Ainda sobre o subesterço, rapidamente surgiram opções no mercado de preparações para tentar “amarrar” de forma mais eficiente o chassi do Saab rebelde. Em piso molhado, a briga era ainda mais intensa: um misto de diversão, risco e cansaço tomava o corpo e a mente dos domadores desta besta escandinava.

Somente a partir da terceira marcha que a cavalaria era libertada de forma integral. Nessas circunstâncias, ele tinha uma incrível capacidade de ultrapassagem. Mas mesmo assim era interessante ter noção do que estava fazendo antes de pisar fundo uma vez que o esterçamento por torque ainda se fazia presente, mas em menor quantidade.

Entretanto, os relatos de uma retomada ou ultrapassagem com o Saab 9-3 Viggen são sempre os mesmos: o chute do turbo na terceira marcha a 100 km/h era uma das experiências de condução mais satisfatórias que se poderia ter.

A coisa já era legal abaixo de 4.000 rpm. Mas passando disso com o pé no fundo, a pressão insana do turbo te empurrava contra os assentos ​​e emitia sons de ar pressurizado enquanto o ponteiro do conta-giros subia em uma razão proporcional à sua incapacidade de se mover e colocar a próxima marcha.

Ajustes para se adequar ao final do jogo

Falando em transmissão, a coisa também não era exatamente legal nesse aspecto: uma embreagem dura e alta fazia par com uma caixa de velocidades vaga e destoante com o furor do Saab 9-3 Viggen . Como contraponto, os freios eram elogiados por todos que dirigiam o Saab. A visibilidade traseira e o acesso ao banco de trás também eram fruto de críticas, mas não era isso que iria desabonar o cupê sueco.

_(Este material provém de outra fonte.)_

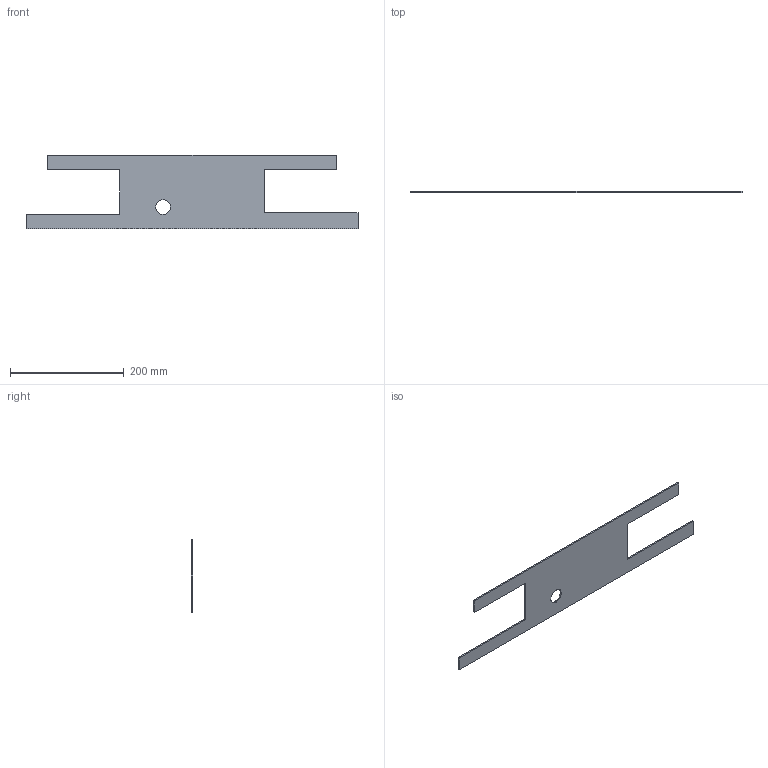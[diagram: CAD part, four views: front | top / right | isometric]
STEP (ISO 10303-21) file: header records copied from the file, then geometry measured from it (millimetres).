
FILE_DESCRIPTION (( 'STEP AP214' ), '1' );
FILE_NAME ('AirtightMask.STEP', '2020-03-23T17:30:13', ( 'Ted' ), ( 'Microsoft' ), 'SwSTEP 2.0', 'SolidWorks 2015', '' );
FILE_SCHEMA (( 'AUTOMOTIVE_DESIGN' ));
Length unit declared in the file: inch
Products named in the file (1): AirtightMask
Bounding box: 584.2 x 2.54 x 129.53 mm (x, y, z)
Volume: 121117.4 mm3; surface area: 100490.4 mm2
Topology: 1 solids, 1 shells, 16 faces, 42 edges, 28 vertices
Faces by surface type: plane 14, cylinder 2
Entity records: 534 total; most frequent: CARTESIAN_POINT 87, ORIENTED_EDGE 84, DIRECTION 80, EDGE_CURVE 42, LINE 38, VECTOR 38, VERTEX_POINT 28, AXIS2_PLACEMENT_3D 21

Até porque, a partir do ano 2000, o Saab 9-3 Viggen foi estendido para as carrocerias de cinco portas e conversível. Como auxílio na guerra contra o esterçamento por torque, o modelo 2001 ganhou sistema de controle de tração (TCS) como equipamento de série. Até este ano algumas cores apresentavam acabamentos interiores em fibra de carbono, o que viria a ser abandonado a partir dali.

Entretanto, as inovações e peculiaridades da Saab já não chamavam a atenção de um público cada vez menos interessado em caros puros de mecânica e mais focados em celulares e afins. Até o final da Saab como conhecíamos em 2008, novas tentativas de sair do lugar comum seriam tentadas pela marca de Trollhattan – mas nada do naipe do Viggen belo e incontrolável.

Fabricados exclusivamente na planta da Valem na Finlândia, 4.600 Saab 9-3 Viggen deixaram a linha de produção até junho de 2002, dos quais 500 com direção do lado direito para o mercado britânico. Dos 4.100 restantes, pouco menos de 3.000 foram destinados à América do Norte. Quer um Viggen mais raro do que já era? Em 1999, dos 426 Viggen que foram para os EUA e Canadá, apenas 2 eram prata, 2 em amarelo e 2 pretos.

O Saab 9-3 Viggen poderia ter seus defeitos. Mas para o entusiasta que procurava o unicórnio definitivo, este carro era um sonho assustador. Esquisito e peculiar de todas as ótimas maneiras que um Saab deveria ser marcou por ser mais do que um mero tesouro raro: ele também demandava unhas para quem queria conduzi-lo.